In [42]:
import pandas as pd
import numpy as np
import datetime as dt
from sqlalchemy import create_engine, inspect



In [43]:
csv_file = "./Resources/airbnb_host_info.csv"
review_df = pd.read_csv(csv_file)
review_df.head()

# Change the date type of the last_review column to datetime
review_df["last_review"] = pd.to_datetime(review_df["last_review"])
review_df.dropna()
review_df.head()

Unnamed: 0,listing_id,host_name,last_review
0,2595,Jennifer,2019-05-21
1,3831,LisaRoxanne,2019-07-05
2,5099,Chris,2019-06-22
3,5178,Shunichi,2019-06-24
4,5238,Ben,2019-06-09


In [44]:
csv_file2 = "./Resources/airbnb_price.csv"
price_df = pd.read_csv(csv_file2)
price_df.head()

# new data frame with split value columns
new_price_df = price_df["nbhood_full"].str.split(", ", n = 1, expand = True)
 
# making separate first name column from new data frame
price_df["borough"]= new_price_df[0]
 
# making separate last name column from new data frame
price_df["area"]= new_price_df[1]
 
# Dropping old Name columns
price_df.drop(columns =["nbhood_full"], inplace = True)
 
# Drop na value
price_df.dropna()

# Display df
price_df.head()

Unnamed: 0,listing_id,price,borough,area
0,2595,225 dollars,Manhattan,Midtown
1,3831,89 dollars,Brooklyn,Clinton Hill
2,5099,200 dollars,Manhattan,Murray Hill
3,5178,79 dollars,Manhattan,Hell's Kitchen
4,5238,150 dollars,Manhattan,Chinatown


In [45]:
csv_file3 = "./Resources/airbnb_room_type.csv"
type_df = pd.read_csv(csv_file3)
type_df.head()

Unnamed: 0,listing_id,description,room_type
0,2595,Skylit Midtown Castle,Entire home/apt
1,3831,Cozy Entire Floor of Brownstone,Entire home/apt
2,5099,Large Cozy 1 BR Apartment In Midtown East,Entire home/apt
3,5178,Large Furnished Room Near B'way,private room
4,5238,Cute & Cozy Lower East Side 1 bdrm,Entire home/apt


In [46]:
# Determine different Values in Column
type_df["room_type"].unique() 

array(['Entire home/apt', 'private room', 'Private room',
       'entire home/apt', 'PRIVATE ROOM', 'shared room',
       'ENTIRE HOME/APT', 'Shared room', 'SHARED ROOM'], dtype=object)

In [47]:
# Cleaning and Reducing Categories
# Define Dict with the key-value pair to remap.
conv = {
        'Entire home/apt':'Entire Home/Apt','entire home/apt':'Entire Home/Apt','ENTIRE HOME/APT':'Entire Home/Apt',
        'private room' : 'Private Room', 'PRIVATE ROOM' : 'Private Room', 'Private room' : 'Private Room',
        'shared room' : 'Shared Room', 'Shared room' : 'Shared Room', 'SHARED ROOM' : 'Shared Room'
       }
type_df_1=type_df.replace({"room_type": conv})

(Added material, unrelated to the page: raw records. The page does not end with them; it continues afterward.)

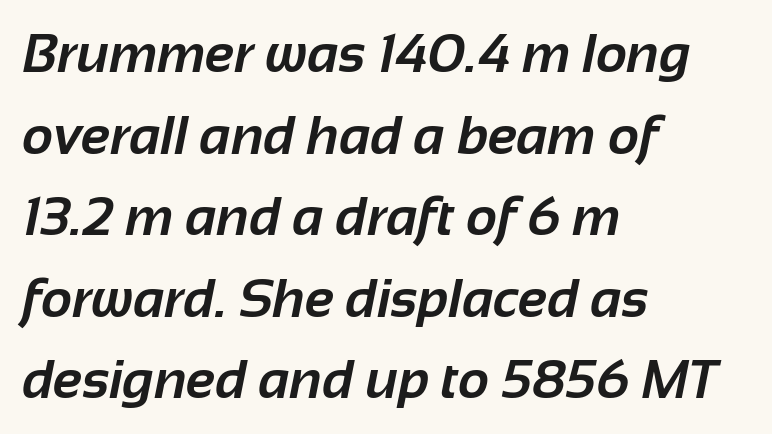
The image shows 54 px bold sans-serif type; set left-aligned, normal line spacing (1.51x), normal letter spacing, not underlined; low stroke contrast and a medium x-height.
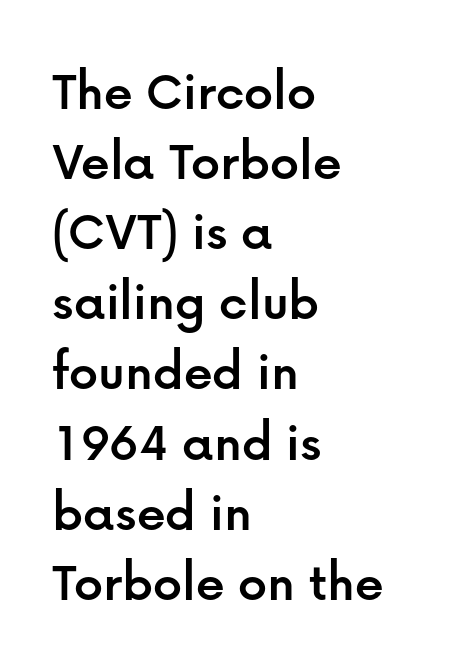
{"serif": "no", "italic": "no", "width": "normal", "stroke_contrast": "low", "x_height": "medium", "monospaced": "no", "underline": "no", "align": "left", "line_spacing_ratio": 1.23, "letter_spacing": "normal", "letter_spacing_em": 0.0, "glyph_px": 57}
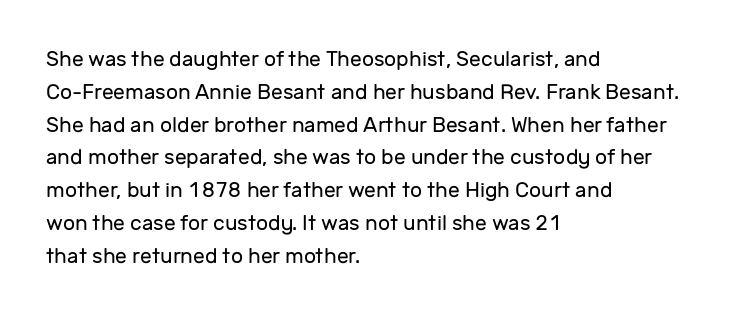
The image shows 21 px text type, upright; set left-aligned, normal line spacing (1.56x), normal letter spacing, not underlined.
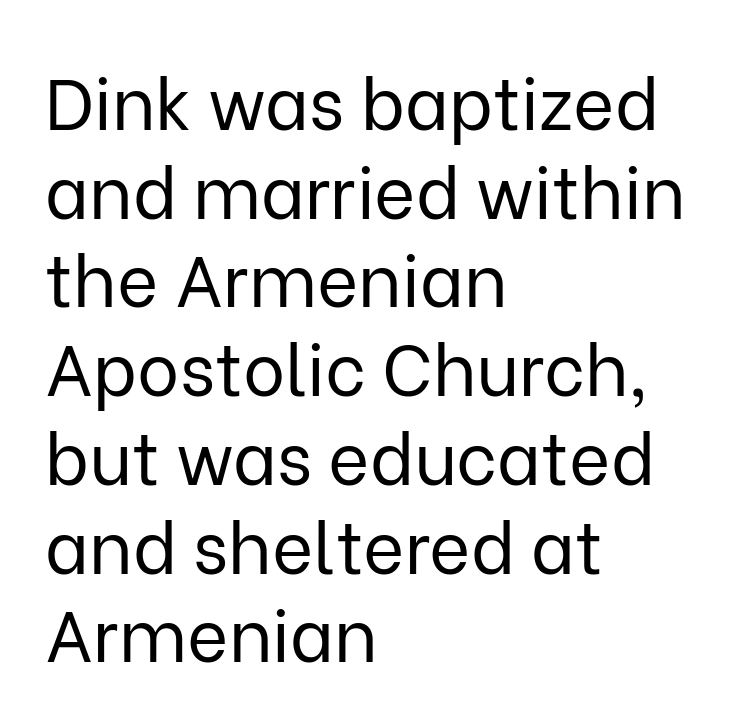
Upright lettering throughout. Tracking value appears to be zero — textbook default spacing. This sample has the flowing, uneven cadence of proportional lettering. Vertical stems look standard width or narrower in stroke. Is this a sans? Yes — the strokes have no serifs. The rows are spaced the way most documents space them.

type_df["room_type"].unique()

array(['Entire home/apt', 'private room', 'Private room',
       'entire home/apt', 'PRIVATE ROOM', 'shared room',
       'ENTIRE HOME/APT', 'Shared room', 'SHARED ROOM'], dtype=object)

In [48]:
# Drop na values
type_df_1.dropna()

# Display df 
type_df_1.head()

Unnamed: 0,listing_id,description,room_type
0,2595,Skylit Midtown Castle,Entire Home/Apt
1,3831,Cozy Entire Floor of Brownstone,Entire Home/Apt
2,5099,Large Cozy 1 BR Apartment In Midtown East,Entire Home/Apt
3,5178,Large Furnished Room Near B'way,Private Room
4,5238,Cute & Cozy Lower East Side 1 bdrm,Entire Home/Apt


In [50]:
protocol = 'postgresql'
username = 'postgres'
password = 'password'
host = 'localhost'
port = 5432            
database_name = 'Airbnb_db'
rds_connection_string = f'{protocol}://{username}:{password}@{host}:{port}/{database_name}'
engine = create_engine(rds_connection_string)

In [51]:
engine.table_names()

  engine.table_names()


['airbnb_price', 'airbnb_review', 'airbnb_room_type', 'properties']